İsrail Ordu Sözcüsü Avichay Adraee, toplumsal medya hesabından yaptığı açıklamada, İsrail ordusunun Gazze’deki kara taarruzlarını genişlettiğini belirtti.
Adraee, İsrail ordusunun Gazze’nin kuzeyindeki Şucaiyye bölgesinde “kontrolünü derinleştirmek ve tampon bölgeyi genişletmek hedefiyle çalışmalara başladığını” aktardı.
Bölgedeki Filistin halkına yaptığı tahliye ihtarına değinen Adraee, Şucaiyye’de İsrail ordusunun Hamas mensuplarıyla çatıştığını tez etti.
İsrail ordusu, Gazze’nin çeşitli bölgeleri için yayımladığı tahliye ikazlarıyla bölgedeki Filistin halkını göçe zorluyor.
Adraee, dün, “şiddetli taarruzlar düzenleyeceklerini” belirterek Gazze kentinin doğusundaki Şucaiyye, Cedide, Türkmen mahalleleri ile Zeytun Mahallesinin doğu bölümü için tahliye uyarısı yapmıştı.
İsrail Savunma Bakanı Yisrael Katz, 2 Nisan’da yaptığı açıklamada, Gazze Şeridi’nde ateşkesi bozarak tekrar başlattıkları hücumları genişlettiklerini duyurmuştu.
Adraee, 31 Mart’ta, Refah kenti ile Han Yunus’un doğusundaki Menara, Kizan en-Neccar bölgelerinde yaşayan Filistinlilere “evlerini derhal boşaltmaları” ihtarında bulunmuştu.
İsrail ordusu Gazze’ye 7 Ekim 2023’ten bu yana düzenlediği ve 50 binden fazla Filistinlinin vefatına sebep olduğu akınlarında hastaneler, barınma merkezleri ve yerinden edilen Filistinlilerin çadırlarını da gaye alıyor.
İsrail ordusunun akınları nedeniyle altyapının tamamına yakını yok olan Gazze’deki yaklaşık 2,3 milyon Filistinlinin yüzde 90’ı en az bir sefer yerinden edildi.
Yerinden edilen Filistinliler, Gazze’ye insani yardımların girişinin engellenmesi sebebiyle meydana gelen insani felaketin ortasında bir yandan İsrail ataklarından korunmaya öteki yandan da imkansızlıklar içindeki şiddetli kaidelerde hayatta kalmaya çalışıyor.

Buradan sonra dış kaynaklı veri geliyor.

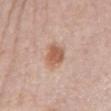Q: Is there a histopathology result?
A: total-body-photography surveillance lesion; no biopsy
Q: Where on the body is the lesion?
A: the mid back
Q: What are the patient's age and sex?
A: male, aged 73 to 77
Q: How was this image acquired?
A: ~15 mm crop, total-body skin-cancer survey

Filistin haber ajansı WAFA’ya nazaran İsrail savaş uçakları, Han Yunus’un doğusundaki el-Menara Mahallesi’nde bir meskeni bombaladı.
İsrail’in atağında 10 Filistinli hayatını yitirdi, çok sayıda kişi yaralandı.

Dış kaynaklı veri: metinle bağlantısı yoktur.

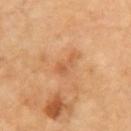  site: left upper arm
  patient:
    sex: male
    age_approx: 70
  lighting: cross-polarized
  image:
    source: total-body photography crop
    field_of_view_mm: 15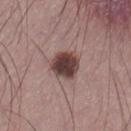notes = no biopsy performed (imaged during a skin exam) | imaging modality = ~15 mm crop, total-body skin-cancer survey | tile lighting = white-light illumination | anatomic site = the right lower leg | subject = male, aged 33–37 | diameter = ≈4 mm.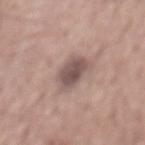This lesion was catalogued during total-body skin photography and was not selected for biopsy.
Located on the mid back.
This image is a 15 mm lesion crop taken from a total-body photograph.
A male subject aged 53 to 57.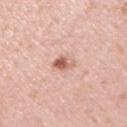Impression:
This lesion was catalogued during total-body skin photography and was not selected for biopsy.
Image and clinical context:
Captured under white-light illumination. A lesion tile, about 15 mm wide, cut from a 3D total-body photograph. A male patient aged 48–52. Located on the right upper arm.

Lübnan’ın Sayda kentinde İsrail ordusu tarafından bir binadaki dairelerden biri maksat alındı.
Hava saldırısının akabinde dairede yangın çıktı.
Söz konusu hücumda birebir aileden baba, kızı ve oğlu hayatını yitirdi.
Bu ortada, Lübnanlı bir güvenlik yetkilisi, gaye alınan dairede bir Cemaati İslamiyye yetkilisinin yaşadığını tez etti.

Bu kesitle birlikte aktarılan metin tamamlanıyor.